Some infants in the Caribbean country – still in chaos following last year’s horror quake – are being forced into prostitution. Others are being adopted by families in Europe who are unaware of their traumatic backgrounds.

Penniless parents, believing their young will lead better lives elsewhere, are handing them to crooks posing as concerned officials. Melissa Nau, 38, who suffers from learning and physical disabilities, sold four of her five children for 50 Haitian gourdes (76p) each. Unable to work to provide for them, she was living in a filthy, ramshackle camp in the quake-shattered capital Port-au-Prince when a man she knew only as Jacques offered to buy the youngsters, aged between four and eight. But the money only lasted a few months and she is broke again. Melissa and her remaining son Roland, who is 10 months old, later came to the attention of staff from the United Nations Children’s Fund and have been placed in a safe house.

The Brigade de Protection des Mineurs, a police department investigating child abuse, discovered that Melissa’s children were given false records and then illegally adopted by European families via an international adoption agency. 

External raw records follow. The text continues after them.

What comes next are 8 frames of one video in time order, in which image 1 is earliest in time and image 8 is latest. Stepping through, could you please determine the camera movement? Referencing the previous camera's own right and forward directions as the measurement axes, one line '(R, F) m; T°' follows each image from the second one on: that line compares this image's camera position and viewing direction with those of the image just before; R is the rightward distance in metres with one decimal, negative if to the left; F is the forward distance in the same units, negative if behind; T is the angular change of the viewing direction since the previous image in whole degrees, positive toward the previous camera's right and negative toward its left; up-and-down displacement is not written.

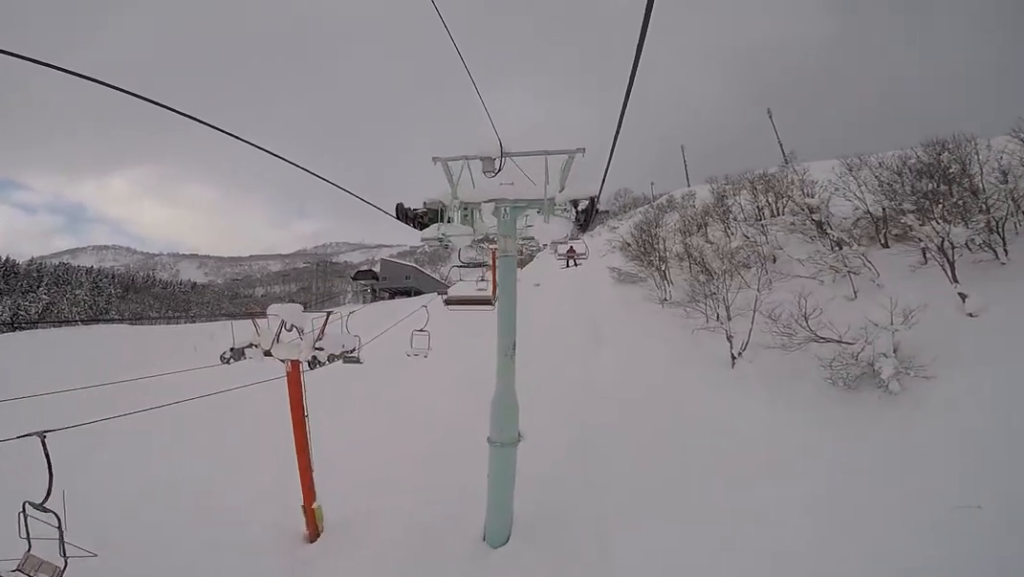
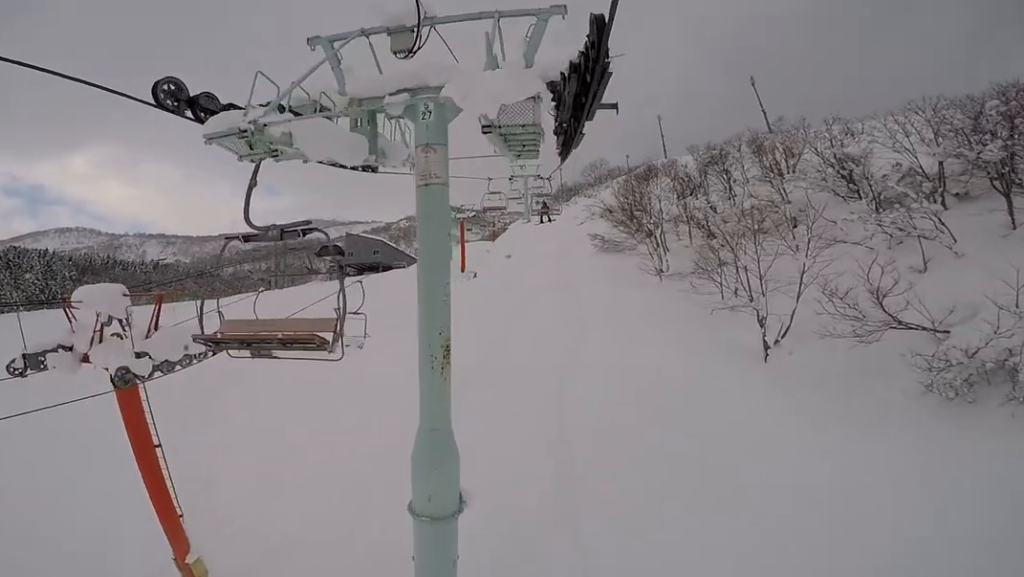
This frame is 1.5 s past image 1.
(-0.1, +5.8) m; +3°
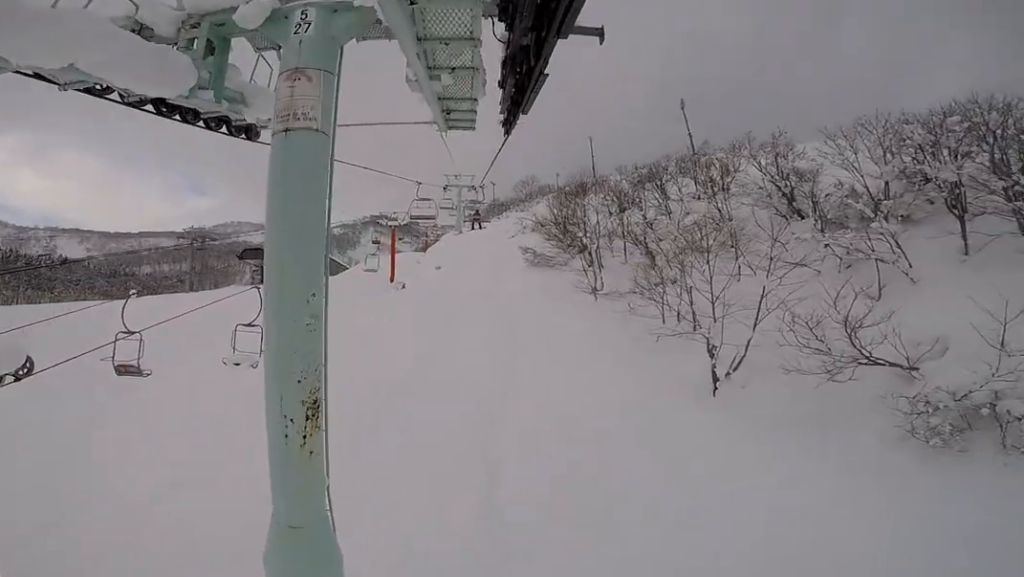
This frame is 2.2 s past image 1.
(+0.5, +2.7) m; 0°
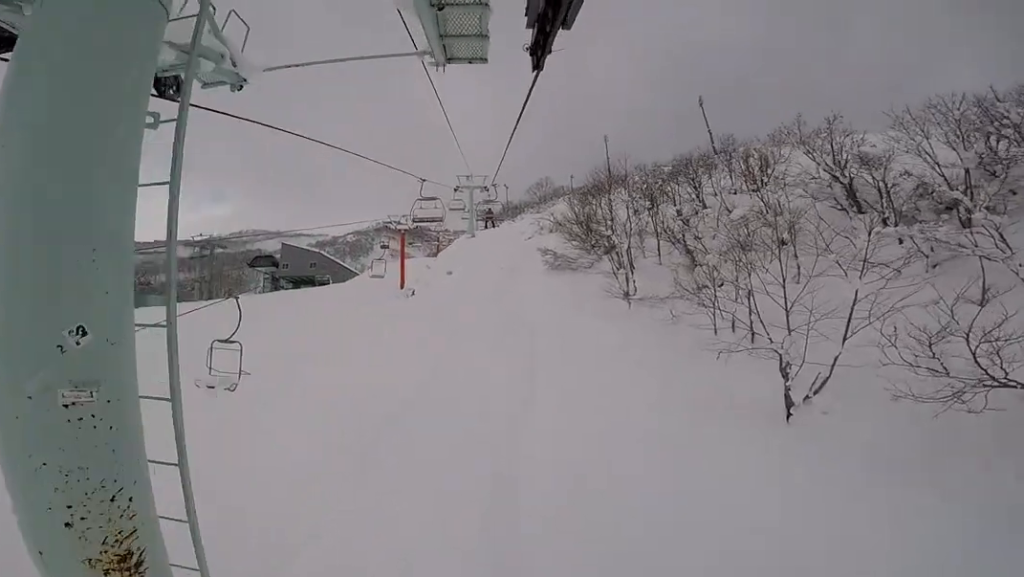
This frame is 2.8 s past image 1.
(-0.1, +2.2) m; 0°
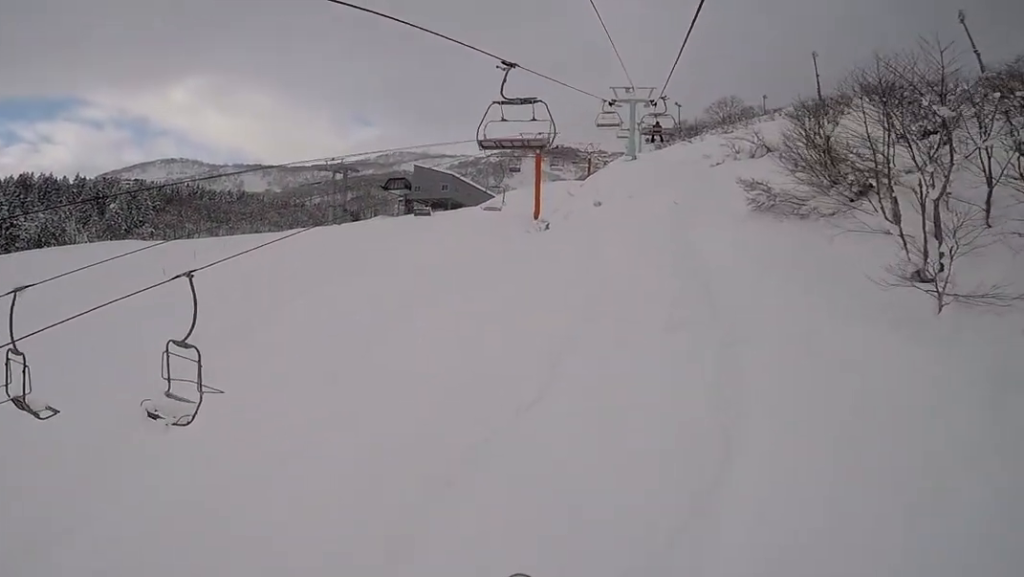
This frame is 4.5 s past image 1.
(+0.2, +6.6) m; 0°
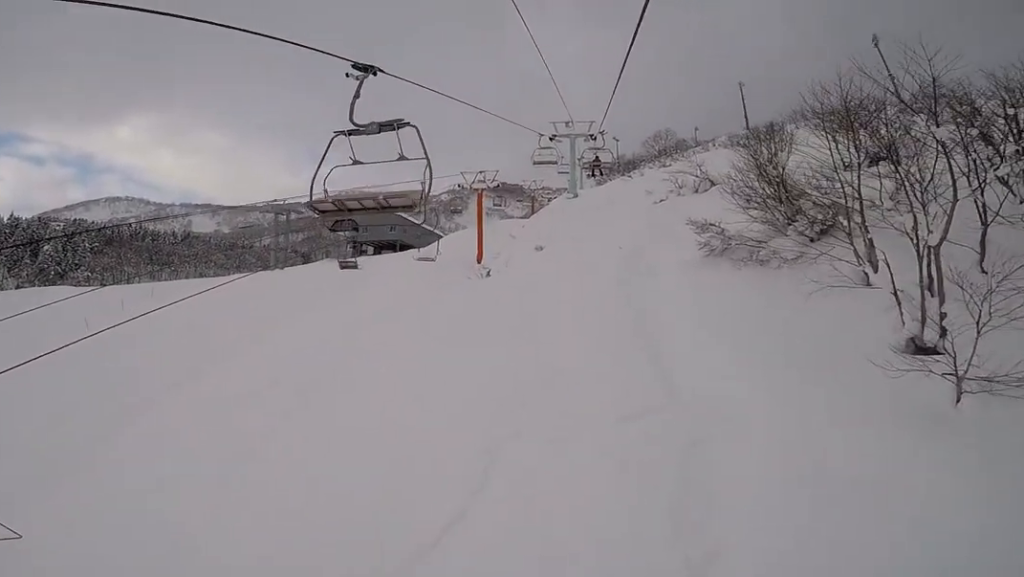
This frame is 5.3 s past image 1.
(-0.5, +2.8) m; 0°
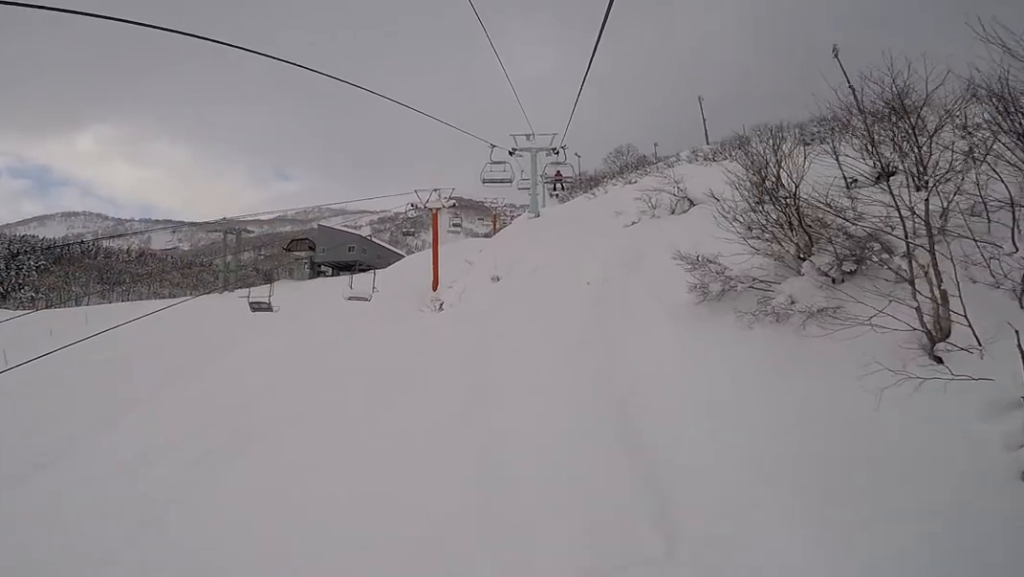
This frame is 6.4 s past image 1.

Françoise Moise, a BPM officer, said trafficking had always been an issue in Haiti but had grown steadily worse in the last year. Mr Moise said some of the sprawling camps – where the million homeless live in tents – contained more than 80,000 families, making them difficult to monitor.

He added: “People are coming into the camps posing as government officials, or foreigners that have come to help Haiti. “They also pose as Haitians living abroad coming to help survivors and sometimes even as Haitians living here, pretending to be members of their family.”

The BPM has identified 8,000 children as “extremely vulnerable” within the camps and has also screened 7,000 children passing through the border into the Dominican Republic,1,400 of those were found not to have the right paperwork.